Authors: Catherine Asaro
PRIMARY
INVERSION
Catherine Asaro
www.facebook.com/Catherine.Asaro
www.spectrumliteraryagency.com/asaro.htm
Copyright © Catherine Asaro 1995, 2008
First Hardcover edition, 1995
First paperback edition, 1996
First eBook edition, 2008
The eBook edition is a rewritten version of the original book.
Cover design: Catherine Asaro
Cover art:
Fractal Planet
by Michael Michelitsch (fractal Graphics),
commons.wikimedia.org/wiki/File:W038.jpg
Books by Catherine Asaro
Skolian Empire/Ruby Dynasty
CARNELIANS
DIAMOND STAR
THE RUBY DICE
THE FINAL KEY
SCHISM
SKYFALL
THE MOON’S SHADOW
SPHERICAL HARMONIC
THE QUANTUM ROSE
ASCENDANT SUN
THE RADIANT SEAS
THE LAST HAWK
CATCH THE LIGHTNING
PRIMARY INVERSION
Solo Science Fiction Novels
ALPHA
SUNRISE ALLEY
THE PHOENIX CODE
THE VEILED WEB
Fantasy Novels
THE NIGHT BIRD
THE FIRE OPAL
THE DAWN STAR
THE MISTED CLIFFS
THE CHARMED SPHERE
CHARMED DESTINIES (“Moonglow” one of three included stories)
Novellas
Aurora in Four Voices (Skolian Empire)
A Roll of the Dice (Skolian Empire)
Walk in Silence (Skolian Empire)
Moonglow (Fantasy)
Stained Glass Heart (Skolian Empire)
The City of Cries (Skolian Empire)
The Spacetime Pool (solo science fiction)
IRRESISTIBLE FORCES, anthology edited by Catherine Asaro
AURORA IN FOUR VOICES, collection of stories
To my husband
John Kendall Cannizzo
Acknowledgments
I would like to thank the people who gave me input on my research and writing for this book:
Alis Rasmussen, Al Chou, Deborah Wheeler, Jim Brunet, Shawna McCarthy, Gerald David Nordley, Florrie Michaelis, Geoffry Landis, Kate Elliott, James Cannizzo, Marianne Dyson, Lawrence Schmiel, Susan Shwartz, Dave Truesdale, Joan Slonczewski, Lawrence Watt-Evans, Sheridan Simon, and everyone who answered my questions in the research topics on the GEnie SFRT. A special thanks to Clair Maier, who gave me extensive benefit of her expertise in neuroscience, and most of all, to my editor David G. Hartwell.
Author’s notes:
Lightning Strike, Book I
and
Lightning Strike, Book II
are the same story as told in
Catch the Lightning,
but substantially rewritten and expanded for the eBook form.
The eBook version of
Primary Inversion
is rewritten from the original and is considered the best version.
Table of Contents
Contents
Part One: Delos
1. Island of Sanctuary
2. Tams Station
3. Psibernaut
4. Lucifer’s Legacy
5. Denials
6. Blackstar Squad
7. Aftermath
Part Two: Forshires Hold
8. A Time To Search
9. A Time To Weep
10. A Time To Heal
11. A Time To Speak
12. A Time To Plant
Part Three: Diesha
13. Fist of the Web
14. Mind of the Web
15. Chains and Silk
16. Heart of the Web
Part One
-
DELOS
I
Island Of Sanctuary
Although I had known about Delos since I was a young woman, this was my first visit to the planet.

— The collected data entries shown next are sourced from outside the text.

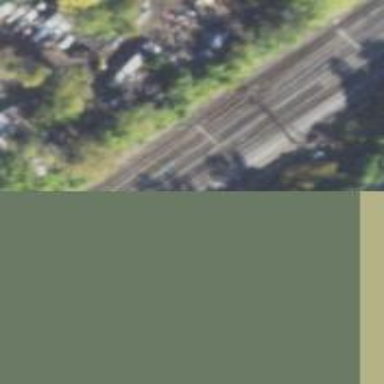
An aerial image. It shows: Railway with electrified contact lines.
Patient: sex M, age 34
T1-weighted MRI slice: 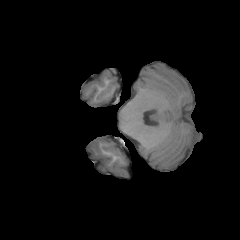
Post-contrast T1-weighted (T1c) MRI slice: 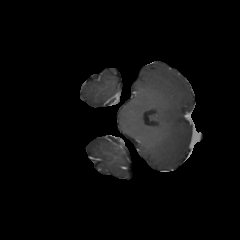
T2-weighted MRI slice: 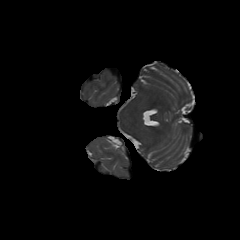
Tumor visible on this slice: no
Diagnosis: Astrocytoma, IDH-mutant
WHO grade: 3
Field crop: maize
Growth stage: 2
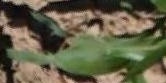
Species: maize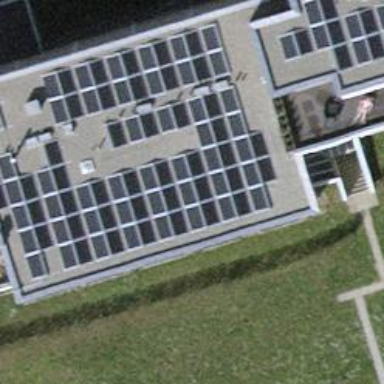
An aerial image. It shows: View of roof of building.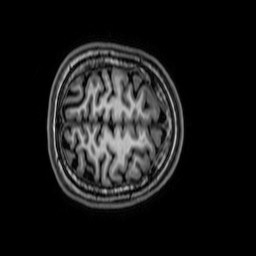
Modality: T1w
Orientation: axial
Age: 19
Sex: female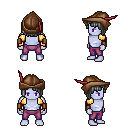
a pixel art fantasy rpg character, male body template, dark elf, purple skin, gold arm armor, magenta pants, gray pageboy hairstyle, leather cap, leather bracers, four views (front, back, left, right), 2x2 character sprite sheet, small pixel art, hard edges, no anti-aliasing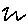
Label: zigzag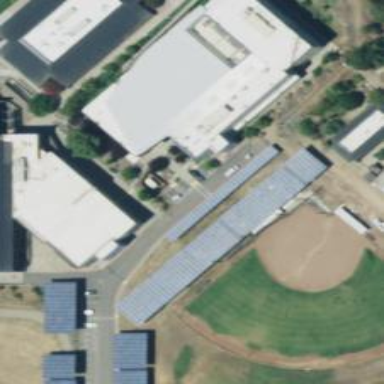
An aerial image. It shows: Solar power generator using photovoltaic panels.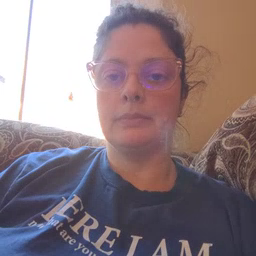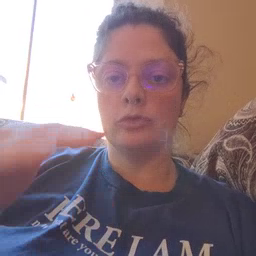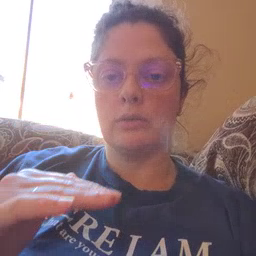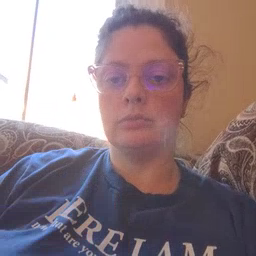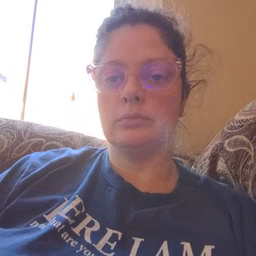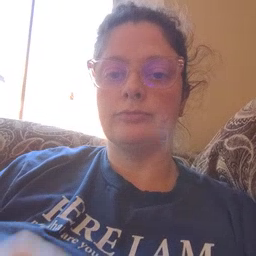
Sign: child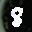
Label: 8
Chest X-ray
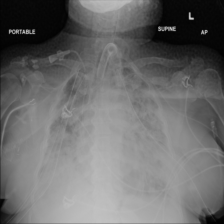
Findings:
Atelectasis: negative
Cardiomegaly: negative
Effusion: negative
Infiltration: positive
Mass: negative
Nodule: negative
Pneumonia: negative
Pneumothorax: negative
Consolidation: negative
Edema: negative
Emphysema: negative
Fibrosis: negative
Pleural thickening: negative
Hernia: negative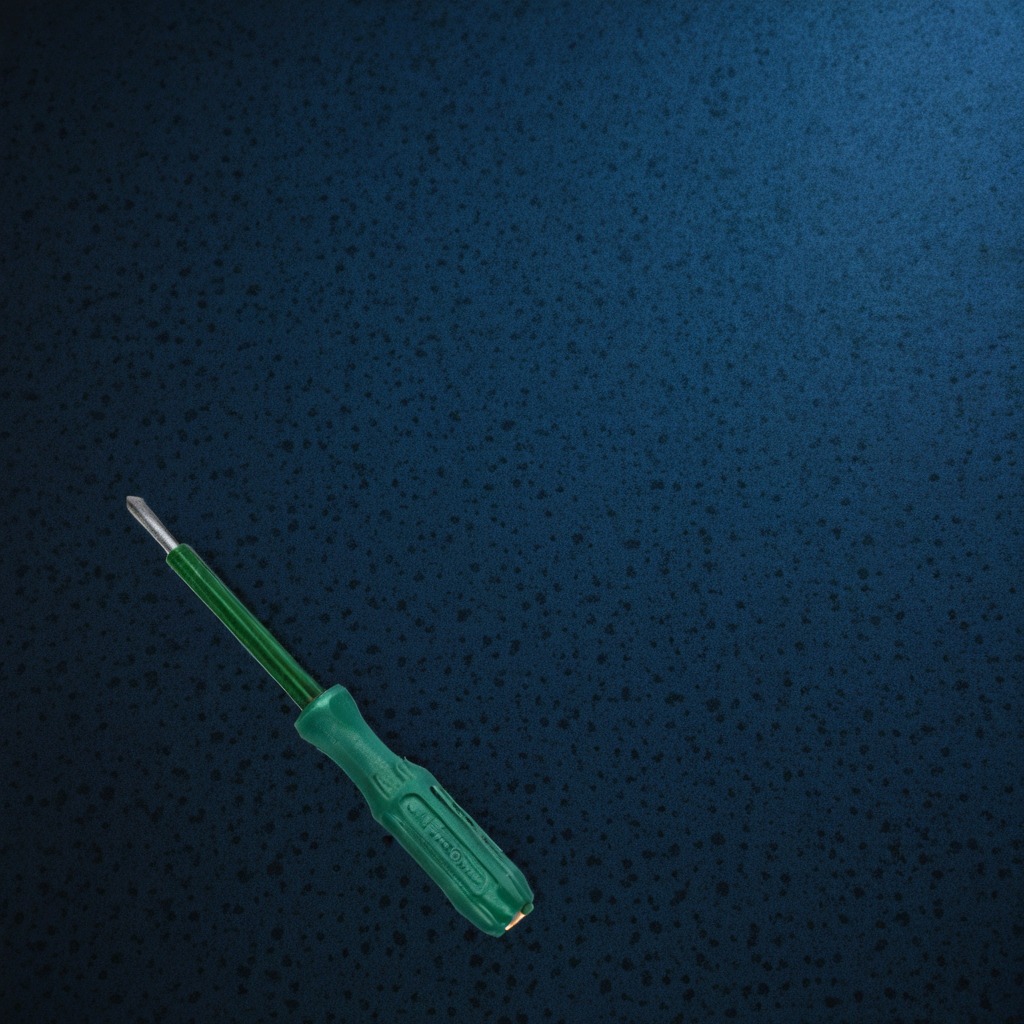
A screwdriver is lying on a clean granite tabletop covered with a blue rubber mat inside a workshop at night dim ambient light soft shadows worn but beneath the mat

Delos was a member of the Allied Worlds of Earth, who steadfastly maintained neutrality in the undeclared war between the Traders and my people, the Skolians. Despite the fact that we were all human—Allieds, Traders, and Skolians alike—we had little in common. So Earth declared Delos a neutral zone, sanctuary, a place where Trader and Skolian soldiers could walk together in harmony.
Right. Harmony was their word, not ours. You’d never catch one of us walking with a Trader soldier, in harmony or otherwise.
However, Delos was the planet easiest to reach in the region of space where my squad had been running drills to integrate our newest member, Taas, into the group. So Delos was where we went for our rest and relaxation.
The evening was warm as the four of us strolled the Arcade. A hodgepodge of stalls and shops stretched along the boardwalk, their eaves hung with wooden chimes that clacked in the wind. At the apex of each turreted roof, a pole reached toward the sky. Metal plates hung from the poles, clanking heartily as the wind tossed them against one another, their chatter melding with the voices of crowds milling below. It was a place of festival and laughter, a haven for the bright women in their flutter-yellow skirts, and for the strapping young men in billowing trousers who pursued them.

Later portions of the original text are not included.